(Records from a data collection)
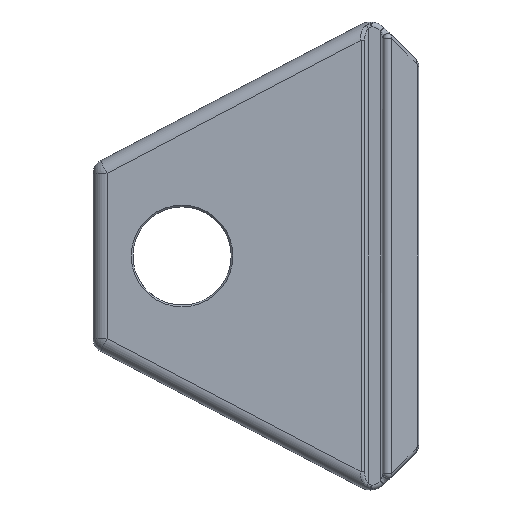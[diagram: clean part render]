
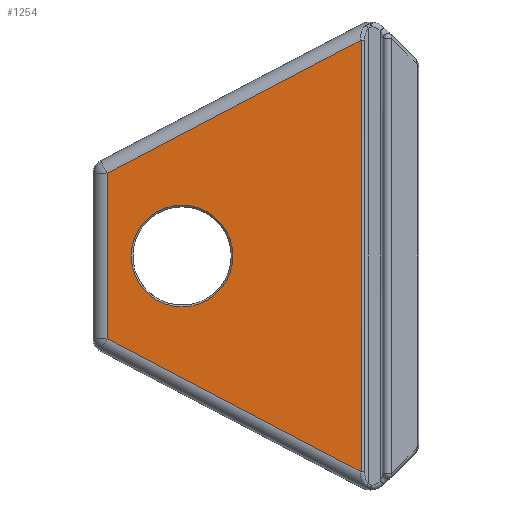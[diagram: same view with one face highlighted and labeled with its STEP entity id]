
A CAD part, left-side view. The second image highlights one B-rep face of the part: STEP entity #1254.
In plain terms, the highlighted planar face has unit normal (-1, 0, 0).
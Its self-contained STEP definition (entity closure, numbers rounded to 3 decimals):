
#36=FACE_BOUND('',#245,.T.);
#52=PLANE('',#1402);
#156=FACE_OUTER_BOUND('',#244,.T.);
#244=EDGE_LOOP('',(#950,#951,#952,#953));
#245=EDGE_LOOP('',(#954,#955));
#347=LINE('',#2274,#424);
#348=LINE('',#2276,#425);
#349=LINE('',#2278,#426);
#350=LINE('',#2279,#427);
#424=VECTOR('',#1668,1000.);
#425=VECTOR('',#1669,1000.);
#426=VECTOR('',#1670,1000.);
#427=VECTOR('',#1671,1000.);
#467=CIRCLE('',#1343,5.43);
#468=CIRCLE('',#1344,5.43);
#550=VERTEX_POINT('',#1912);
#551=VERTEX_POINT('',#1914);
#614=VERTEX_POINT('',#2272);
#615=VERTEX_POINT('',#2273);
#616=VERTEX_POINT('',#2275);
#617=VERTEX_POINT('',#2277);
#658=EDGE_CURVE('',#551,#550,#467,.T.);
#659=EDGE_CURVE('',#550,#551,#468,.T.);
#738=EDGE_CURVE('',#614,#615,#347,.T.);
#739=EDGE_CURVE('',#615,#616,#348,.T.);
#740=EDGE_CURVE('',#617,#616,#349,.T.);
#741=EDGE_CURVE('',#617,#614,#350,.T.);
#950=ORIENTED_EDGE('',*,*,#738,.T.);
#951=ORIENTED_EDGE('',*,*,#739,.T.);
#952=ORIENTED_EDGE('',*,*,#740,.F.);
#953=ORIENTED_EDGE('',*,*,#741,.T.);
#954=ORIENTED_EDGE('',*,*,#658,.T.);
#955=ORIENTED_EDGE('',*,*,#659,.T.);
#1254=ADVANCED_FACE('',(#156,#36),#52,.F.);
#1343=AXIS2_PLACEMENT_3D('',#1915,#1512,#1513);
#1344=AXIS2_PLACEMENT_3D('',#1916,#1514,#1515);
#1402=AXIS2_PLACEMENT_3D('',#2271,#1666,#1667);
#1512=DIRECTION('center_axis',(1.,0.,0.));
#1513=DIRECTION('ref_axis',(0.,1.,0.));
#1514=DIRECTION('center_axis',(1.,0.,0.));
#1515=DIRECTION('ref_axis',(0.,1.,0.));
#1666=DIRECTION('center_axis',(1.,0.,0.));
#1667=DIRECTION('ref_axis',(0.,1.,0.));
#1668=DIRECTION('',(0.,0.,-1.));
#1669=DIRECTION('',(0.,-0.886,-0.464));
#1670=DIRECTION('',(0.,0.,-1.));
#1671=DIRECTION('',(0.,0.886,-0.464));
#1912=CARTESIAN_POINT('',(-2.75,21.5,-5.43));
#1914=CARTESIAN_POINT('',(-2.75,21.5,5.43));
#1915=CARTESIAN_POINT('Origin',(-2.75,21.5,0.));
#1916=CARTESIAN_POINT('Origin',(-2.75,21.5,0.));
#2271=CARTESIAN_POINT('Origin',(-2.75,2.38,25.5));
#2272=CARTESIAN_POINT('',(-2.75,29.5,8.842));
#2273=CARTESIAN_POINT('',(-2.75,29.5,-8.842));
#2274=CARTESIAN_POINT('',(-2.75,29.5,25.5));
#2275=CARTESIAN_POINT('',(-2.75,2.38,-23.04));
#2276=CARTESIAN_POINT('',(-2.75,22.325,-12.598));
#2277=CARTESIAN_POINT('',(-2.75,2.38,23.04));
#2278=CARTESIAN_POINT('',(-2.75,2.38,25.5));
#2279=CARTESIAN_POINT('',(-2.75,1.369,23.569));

...

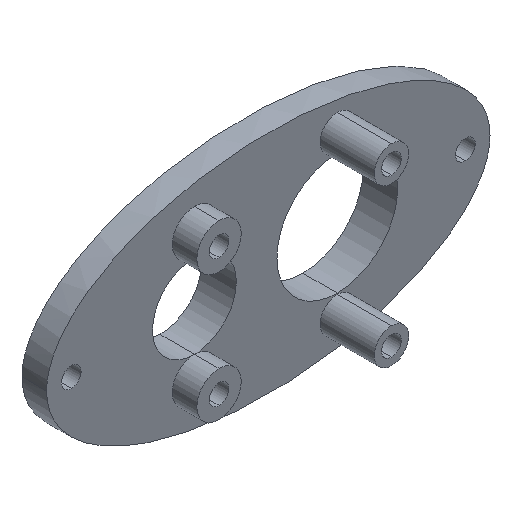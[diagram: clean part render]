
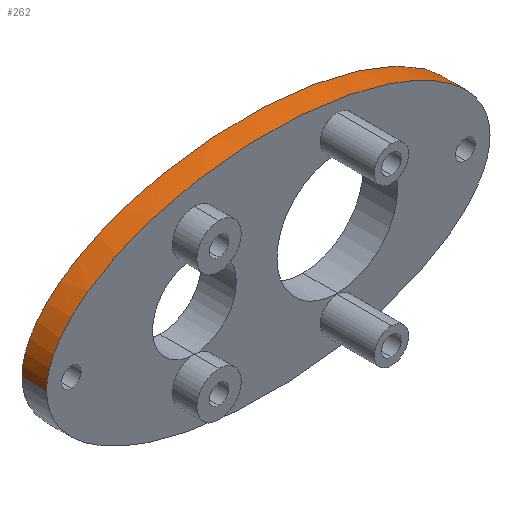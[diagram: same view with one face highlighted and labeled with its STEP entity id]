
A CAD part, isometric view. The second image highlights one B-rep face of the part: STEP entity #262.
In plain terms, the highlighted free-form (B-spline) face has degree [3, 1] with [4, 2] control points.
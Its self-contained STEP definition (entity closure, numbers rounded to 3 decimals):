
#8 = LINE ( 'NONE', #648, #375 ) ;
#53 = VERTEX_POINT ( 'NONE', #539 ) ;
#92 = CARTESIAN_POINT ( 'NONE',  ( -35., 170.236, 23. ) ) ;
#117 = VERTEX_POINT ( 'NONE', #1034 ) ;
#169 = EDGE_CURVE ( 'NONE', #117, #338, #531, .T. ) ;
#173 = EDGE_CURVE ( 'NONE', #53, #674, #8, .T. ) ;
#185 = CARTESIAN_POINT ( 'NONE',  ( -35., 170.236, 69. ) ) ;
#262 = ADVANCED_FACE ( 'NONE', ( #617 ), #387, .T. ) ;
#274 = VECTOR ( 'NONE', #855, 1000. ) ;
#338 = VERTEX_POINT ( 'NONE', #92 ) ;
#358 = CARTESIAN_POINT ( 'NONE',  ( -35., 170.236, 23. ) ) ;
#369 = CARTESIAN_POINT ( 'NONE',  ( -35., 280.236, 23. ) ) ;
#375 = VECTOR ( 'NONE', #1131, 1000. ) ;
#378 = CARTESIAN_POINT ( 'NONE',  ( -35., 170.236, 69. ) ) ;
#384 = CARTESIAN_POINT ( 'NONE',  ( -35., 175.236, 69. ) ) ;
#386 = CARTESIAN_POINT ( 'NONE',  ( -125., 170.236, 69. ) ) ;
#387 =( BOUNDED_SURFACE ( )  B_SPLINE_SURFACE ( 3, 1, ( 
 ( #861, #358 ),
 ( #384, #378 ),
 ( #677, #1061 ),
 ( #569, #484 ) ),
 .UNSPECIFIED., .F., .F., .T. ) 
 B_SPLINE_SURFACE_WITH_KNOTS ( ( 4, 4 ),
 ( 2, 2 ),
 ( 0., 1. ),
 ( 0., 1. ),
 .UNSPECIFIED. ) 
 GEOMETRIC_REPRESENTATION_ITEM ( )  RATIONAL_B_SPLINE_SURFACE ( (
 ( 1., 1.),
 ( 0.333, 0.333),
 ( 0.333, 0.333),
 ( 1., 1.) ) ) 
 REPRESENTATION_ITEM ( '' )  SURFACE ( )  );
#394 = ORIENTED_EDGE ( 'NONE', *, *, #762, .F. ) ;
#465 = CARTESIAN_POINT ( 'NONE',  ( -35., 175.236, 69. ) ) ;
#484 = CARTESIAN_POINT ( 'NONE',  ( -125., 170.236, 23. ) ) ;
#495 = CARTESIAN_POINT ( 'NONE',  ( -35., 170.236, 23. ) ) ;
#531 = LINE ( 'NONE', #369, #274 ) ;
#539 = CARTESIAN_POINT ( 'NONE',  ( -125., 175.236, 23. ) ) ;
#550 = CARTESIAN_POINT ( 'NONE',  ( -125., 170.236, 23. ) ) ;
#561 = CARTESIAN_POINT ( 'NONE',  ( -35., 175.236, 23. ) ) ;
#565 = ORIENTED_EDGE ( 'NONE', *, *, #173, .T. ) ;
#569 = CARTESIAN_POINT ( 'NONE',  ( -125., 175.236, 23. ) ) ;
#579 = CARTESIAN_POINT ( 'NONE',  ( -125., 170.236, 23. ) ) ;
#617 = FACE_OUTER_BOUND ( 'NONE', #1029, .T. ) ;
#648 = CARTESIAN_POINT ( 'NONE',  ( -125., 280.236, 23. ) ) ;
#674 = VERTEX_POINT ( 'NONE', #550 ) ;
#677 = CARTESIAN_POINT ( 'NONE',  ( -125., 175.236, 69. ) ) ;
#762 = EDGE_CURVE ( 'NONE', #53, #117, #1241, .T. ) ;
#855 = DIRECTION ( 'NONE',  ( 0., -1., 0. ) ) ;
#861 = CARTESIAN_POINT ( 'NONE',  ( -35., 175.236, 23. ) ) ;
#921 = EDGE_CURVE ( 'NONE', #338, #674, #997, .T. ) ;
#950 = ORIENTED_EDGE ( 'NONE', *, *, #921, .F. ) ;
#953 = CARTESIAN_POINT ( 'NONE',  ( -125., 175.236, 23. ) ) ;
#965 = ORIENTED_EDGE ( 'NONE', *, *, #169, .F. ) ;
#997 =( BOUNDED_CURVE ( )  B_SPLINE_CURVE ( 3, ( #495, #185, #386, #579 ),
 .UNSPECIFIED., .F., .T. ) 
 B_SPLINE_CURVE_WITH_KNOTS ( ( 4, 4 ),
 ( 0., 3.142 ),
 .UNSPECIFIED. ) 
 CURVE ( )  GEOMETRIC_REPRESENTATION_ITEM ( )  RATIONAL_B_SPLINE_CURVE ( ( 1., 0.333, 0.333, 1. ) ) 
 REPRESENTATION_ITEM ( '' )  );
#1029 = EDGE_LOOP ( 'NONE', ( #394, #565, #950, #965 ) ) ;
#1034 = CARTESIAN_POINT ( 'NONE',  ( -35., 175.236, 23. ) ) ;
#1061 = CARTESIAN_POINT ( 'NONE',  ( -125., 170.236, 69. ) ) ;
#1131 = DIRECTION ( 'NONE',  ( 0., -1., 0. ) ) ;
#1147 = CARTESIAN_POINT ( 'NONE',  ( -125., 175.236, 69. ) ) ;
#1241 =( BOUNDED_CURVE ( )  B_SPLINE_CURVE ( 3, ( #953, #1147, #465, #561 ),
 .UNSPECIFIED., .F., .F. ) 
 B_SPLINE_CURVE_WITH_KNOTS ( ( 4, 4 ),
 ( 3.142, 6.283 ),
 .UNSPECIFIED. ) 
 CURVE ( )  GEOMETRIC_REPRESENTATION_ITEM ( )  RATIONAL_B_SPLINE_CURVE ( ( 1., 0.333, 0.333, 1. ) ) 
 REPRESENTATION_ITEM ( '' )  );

ASSIGNED TASK: In the entries above, the lines between the one holding "#677 = CARTESIAN_POINT" and the one holding "#1131 = DIRECTION", inclusive, are to be printed exactly as written, and those alone.

ANSWER SECTION:
#677 = CARTESIAN_POINT ( 'NONE',  ( -125., 175.236, 69. ) ) ;
#762 = EDGE_CURVE ( 'NONE', #53, #117, #1241, .T. ) ;
#855 = DIRECTION ( 'NONE',  ( 0., -1., 0. ) ) ;
#861 = CARTESIAN_POINT ( 'NONE',  ( -35., 175.236, 23. ) ) ;
#921 = EDGE_CURVE ( 'NONE', #338, #674, #997, .T. ) ;
#950 = ORIENTED_EDGE ( 'NONE', *, *, #921, .F. ) ;
#953 = CARTESIAN_POINT ( 'NONE',  ( -125., 175.236, 23. ) ) ;
#965 = ORIENTED_EDGE ( 'NONE', *, *, #169, .F. ) ;
#997 =( BOUNDED_CURVE ( )  B_SPLINE_CURVE ( 3, ( #495, #185, #386, #579 ),
 .UNSPECIFIED., .F., .T. ) 
 B_SPLINE_CURVE_WITH_KNOTS ( ( 4, 4 ),
 ( 0., 3.142 ),
 .UNSPECIFIED. ) 
 CURVE ( )  GEOMETRIC_REPRESENTATION_ITEM ( )  RATIONAL_B_SPLINE_CURVE ( ( 1., 0.333, 0.333, 1. ) ) 
 REPRESENTATION_ITEM ( '' )  );
#1029 = EDGE_LOOP ( 'NONE', ( #394, #565, #950, #965 ) ) ;
#1034 = CARTESIAN_POINT ( 'NONE',  ( -35., 175.236, 23. ) ) ;
#1061 = CARTESIAN_POINT ( 'NONE',  ( -125., 170.236, 69. ) ) ;
#1131 = DIRECTION ( 'NONE',  ( 0., -1., 0. ) ) ;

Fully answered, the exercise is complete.